Crushed Stone and Gravel FAQs

Where does gravel come from?

There are generally two natural gravel sources as follows:

The beds of natural water sources such as river rock – this is increasingly difficult to find as harvesting it can disrupt the local ecosystems.

Geological formations where gravel has been formed by weathering and erosion  –  this is the most common source and is obtained using mined gravel pits and quarries.

What is #57 gravel?

#57 crushed stone or gravel is known as a special grade that contains a blend of stones from some other grades with an average size of 3/4 inch.

It’s a very popular type of stone to use as it has multiple uses in construction, landscaping and agriculture including raw aggregate for concrete mixes and hot-mix asphalt, road and paver bases and french drains.

It is often used as a sub base for driveways, pea gravel patios and other landscape features.

67 Stone vs 57 Stone – What’s the difference?

#67 and #57 graded crushed rocks are similar materials but may come in slightly different sizes where #57 gravel can have a maximum size of 1 1/2″ whereas #67 grade is usually less than 1″.

Crushed stone #67 is also screened so that it has no dust making it minimally compactable and suitable for use where you don’t want the stone to compact in any way.  This makes it ideal for uses where you need to maintain drainage qualities such as backfilling behind a retaining wall.

What size gravel is best for driveways?

When looking for gravel sizes that will be best on your driveway, remember that stones can vary considerably, especially when using natural gravel.

The best-sized stone to look for is around 3/4 inch in diameter as this is large enough to provide a firm base for vehicles while leaving enough of a gap for drainage between the stones.

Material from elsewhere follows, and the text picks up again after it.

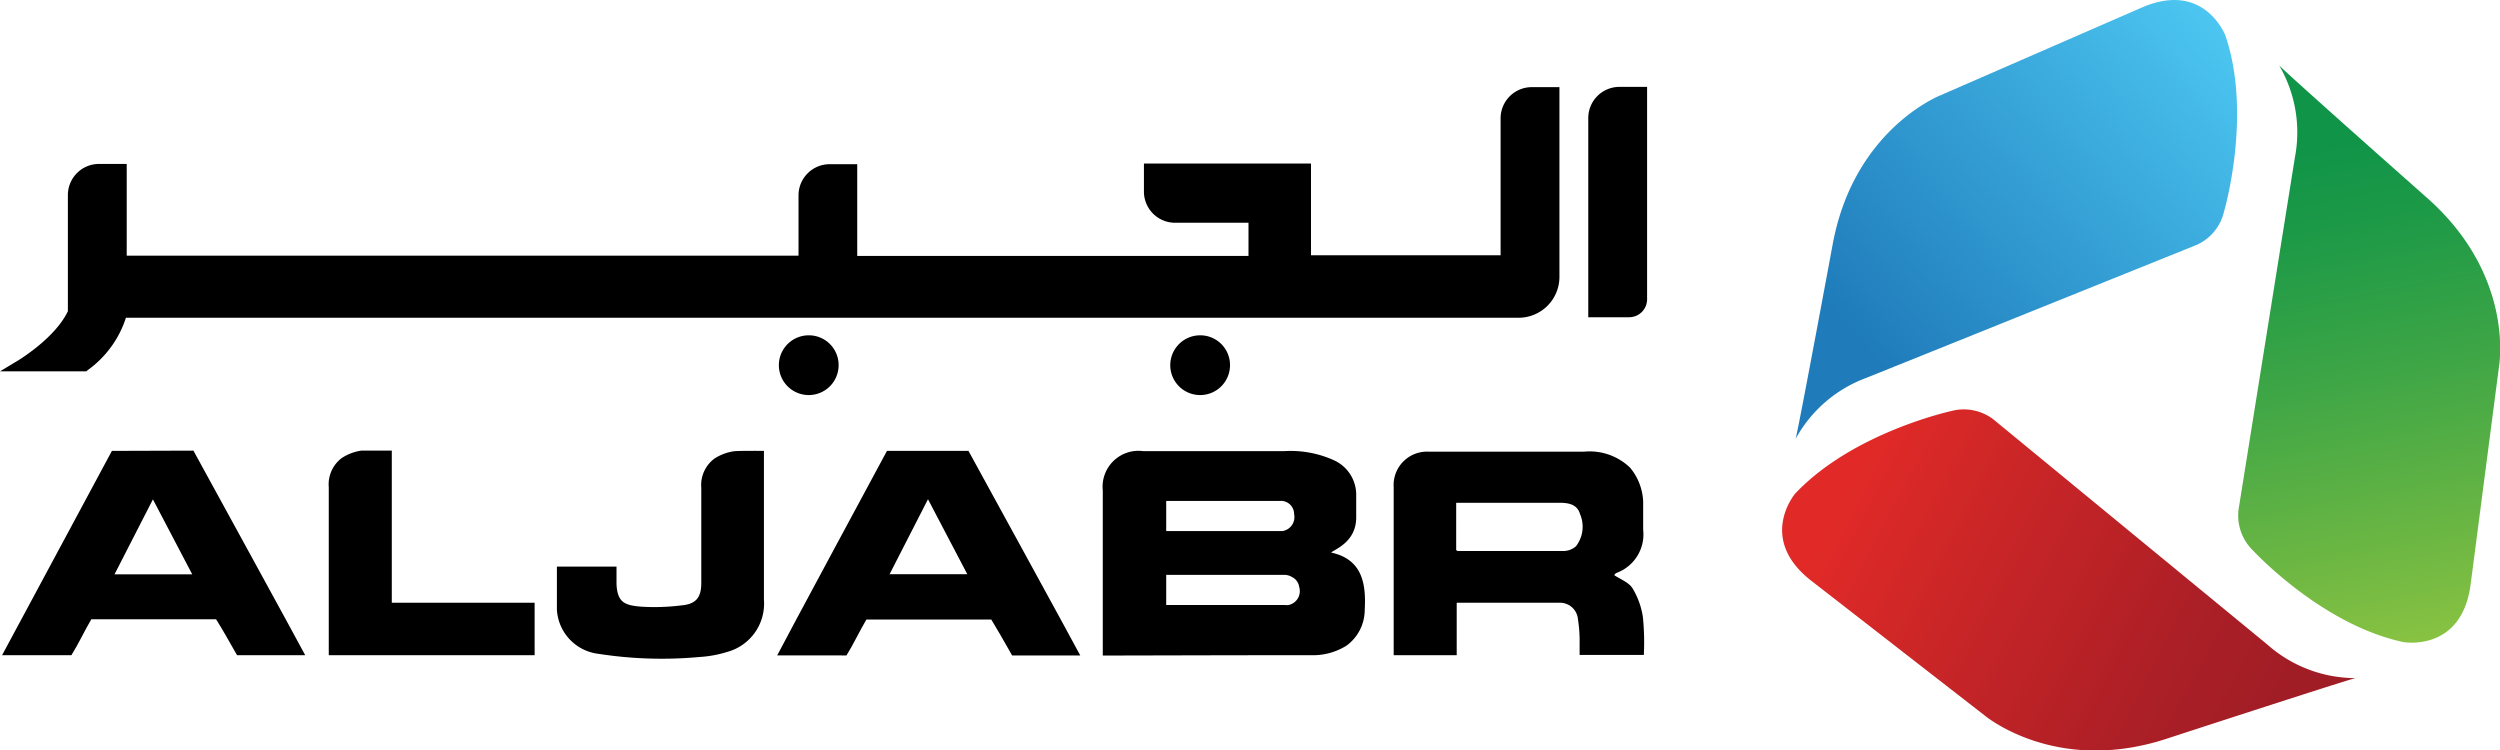 <svg xmlns="http://www.w3.org/2000/svg" xmlns:xlink="http://www.w3.org/1999/xlink" viewBox="0 0 190.79 57.27"><defs><style>.cls-1{fill:url(#linear-gradient);}.cls-2{fill:url(#linear-gradient-2);}.cls-3{fill:url(#linear-gradient-3);}</style><linearGradient id="linear-gradient" x1="183.99" y1="49.07" x2="175.6" y2="5.43" gradientUnits="userSpaceOnUse"><stop offset="0" stop-color="#88c242"/><stop offset="0.15" stop-color="#6fb843"/><stop offset="0.48" stop-color="#3ca546"/><stop offset="0.73" stop-color="#1c9947"/><stop offset="0.87" stop-color="#109448"/></linearGradient><linearGradient id="linear-gradient-2" x1="94.38" y1="-61.81" x2="86.41" y2="-103.27" gradientTransform="translate(271.21 51.25) rotate(-121)" gradientUnits="userSpaceOnUse"><stop offset="0" stop-color="#4cc6f1"/><stop offset="0.29" stop-color="#3cacde"/><stop offset="0.87" stop-color="#1f7bba"/></linearGradient><linearGradient id="linear-gradient-3" x1="140.76" y1="37.64" x2="178.71" y2="57.26" gradientUnits="userSpaceOnUse"><stop offset="0" stop-color="#e12a28"/><stop offset="0.24" stop-color="#cc2627"/><stop offset="0.65" stop-color="#ac1f26"/><stop offset="0.87" stop-color="#a01d26"/></linearGradient></defs><g id="Layer_2" data-name="Layer 2"><g id="Layer_1-2" data-name="Layer 1"><path class="cls-1" d="M188.55,44.59,190.71,28S192,21,185.11,15c0,0-10-8.85-11.17-10a10.12,10.12,0,0,1,1.2,7l-4.29,26.81A3.7,3.7,0,0,0,171.93,42s5.2,5.66,11.48,7C183.41,49,187.87,49.81,188.55,44.59Z"/><path class="cls-2" d="M163.42.59l-15.3,6.67s-6.69,2.58-8.28,11.51c0,0-2.43,13.12-2.8,14.71a10.16,10.16,0,0,1,5.41-4.65l25.19-10.14a3.69,3.69,0,0,0,2.08-2.51s2.18-7.37.12-13.45C169.84,2.73,168.25-1.52,163.42.59Z"/><path class="cls-3" d="M138.24,44.33l13.18,10.24s5.46,4.65,14.07,1.76c0,0,12.69-4.14,14.26-4.58a10.15,10.15,0,0,1-6.68-2.53L152.12,32a3.72,3.72,0,0,0-3.21-.63S141.4,33,137,37.67C137,37.67,134.08,41.1,138.24,44.33Z"/><path d="M29.9,37.94V34.39s-2,0-2.33,0a3.7,3.7,0,0,0-1.48.56,2.51,2.51,0,0,0-1,2.23V50H40.8V46H29.9Z"/><path d="M8.54,34.41S.56,49.25.16,50H5.45c.55-.88,1-1.86,1.52-2.74,3.18,0,6.35,0,9.52,0,.68,1.1.68,1.14,1.6,2.74h5.2c-.1-.23-8.53-15.61-8.53-15.61Zm.2,9.42,2.93-5.72c1.05,2,2,3.8,3,5.72Z"/><path d="M101.59,42.17c.2-.23,1.91-.76,1.91-2.68,0-.6,0-1.2,0-1.8a2.89,2.89,0,0,0-1.71-2.57,8,8,0,0,0-3.8-.69c-3.58,0-7.16,0-10.73,0a2.74,2.74,0,0,0-3.1,3c0,2.6,0,12.6,0,12.6S94.91,50,100,50a4.83,4.83,0,0,0,2.78-.74,3.39,3.39,0,0,0,1.37-2.7C104.26,44.6,104,42.69,101.59,42.17ZM89,38.23h8.67a1,1,0,0,1,1.09,1,1.08,1.08,0,0,1-.89,1.3l-.19,0H89Zm9.35,7.94a1.13,1.13,0,0,1-.32,0H89V43.87h9a1.17,1.17,0,0,1,.61.17,1,1,0,0,1,.54.76A1.08,1.08,0,0,1,98.35,46.17Z"/><path d="M125.38,47.1a5.93,5.93,0,0,0-.79-2.2c-.28-.45-.9-.68-1.39-1,0-.06.11-.16.2-.19a3.13,3.13,0,0,0,2-3.28c0-.72,0-1.44,0-2.16a4.32,4.32,0,0,0-1-2.58,4.45,4.45,0,0,0-3.52-1.22c-4,0-7.89,0-11.84,0a2.55,2.55,0,0,0-2.68,2.71V50h4.81V46c2.68,0,5.25,0,7.82,0a1.37,1.37,0,0,1,1.43,1.24,10.57,10.57,0,0,1,.13,1.49c0,.42,0,.85,0,1.25h4.9A19.37,19.37,0,0,0,125.38,47.1Zm-5.11-5.41a1.45,1.45,0,0,1-1,.36c-2.67,0-5.35,0-8,0,0,0-.08,0-.14-.08V38.37H119c.69,0,1.37.11,1.58.86A2.43,2.43,0,0,1,120.27,41.69Z"/><path d="M56,34.44a3.7,3.7,0,0,0-1.48.56,2.51,2.51,0,0,0-1,2.23v1.62c0,1.88,0,3.76,0,5.63,0,1.13-.41,1.62-1.51,1.72a16.52,16.52,0,0,1-3.06.1c-1.23-.1-1.84-.29-1.9-1.73V43.24H42.5s0,2.63,0,3.28a3.6,3.6,0,0,0,3.19,3.38,31.36,31.36,0,0,0,7.68.24,8.83,8.83,0,0,0,2.1-.38,3.82,3.82,0,0,0,2.83-4c0-1.51,0-4.43,0-6.94V34.41S56.38,34.39,56,34.44Z"/><path d="M67.69,34.41s-8,14.84-8.38,15.61H64.6c.55-.89,1-1.86,1.52-2.74,3.18,0,6.35,0,9.53,0,.67,1.1.67,1.14,1.59,2.74h5.2c-.1-.23-8.53-15.61-8.53-15.61Zm.2,9.41,2.93-5.72c1.05,2,2,3.8,3,5.72Z"/><path d="M116.91,6.65A2.38,2.38,0,0,0,114.52,9V19.48H100.05v-7H87.3v2.09A2.38,2.38,0,0,0,89.68,17h5.6v2.53H65.42v-7h-2.1a2.38,2.38,0,0,0-2.38,2.36v4.62H9.67v-7H7.56a2.38,2.38,0,0,0-2.38,2.36v8.88c-1,2.12-3.95,3.86-4,3.88L0,28.34H6.59l.1-.09a7.91,7.91,0,0,0,2.92-4H115.88a3.12,3.12,0,0,0,3.13-3.1V6.65h-2.1Z"/><path d="M125.32,6.63H123.6A2.38,2.38,0,0,0,121.21,9V24.21h3.11a1.37,1.37,0,0,0,1.38-1.37V6.63Z"/><path d="M91.59,25.59a2.28,2.28,0,1,0,2.28,2.27A2.27,2.27,0,0,0,91.59,25.59Z"/><path d="M61.68,25.59A2.28,2.28,0,1,0,64,27.86,2.27,2.27,0,0,0,61.68,25.59Z"/></g></g></svg>

Asphalt millings can also be used as an economical material for driveways.

Which is better for a driveway – natural gravel or crushed stone?

When deciding if natural gravel or crushed stones are better for your driveway it’s a balance between what looks best and what is more durable.

Crushed stone has a rough texture and jagged edge that allows it to interlock and resist erosion, making it more durable as a stone driveway. However, with its gray gravel color, it often does not look particularly attractive.

On the other hand, natural stone with its smooth texture and rounded edge looks great but is easily moved around by vehicles.

It’s very much a personal choice on what will work best for your situation.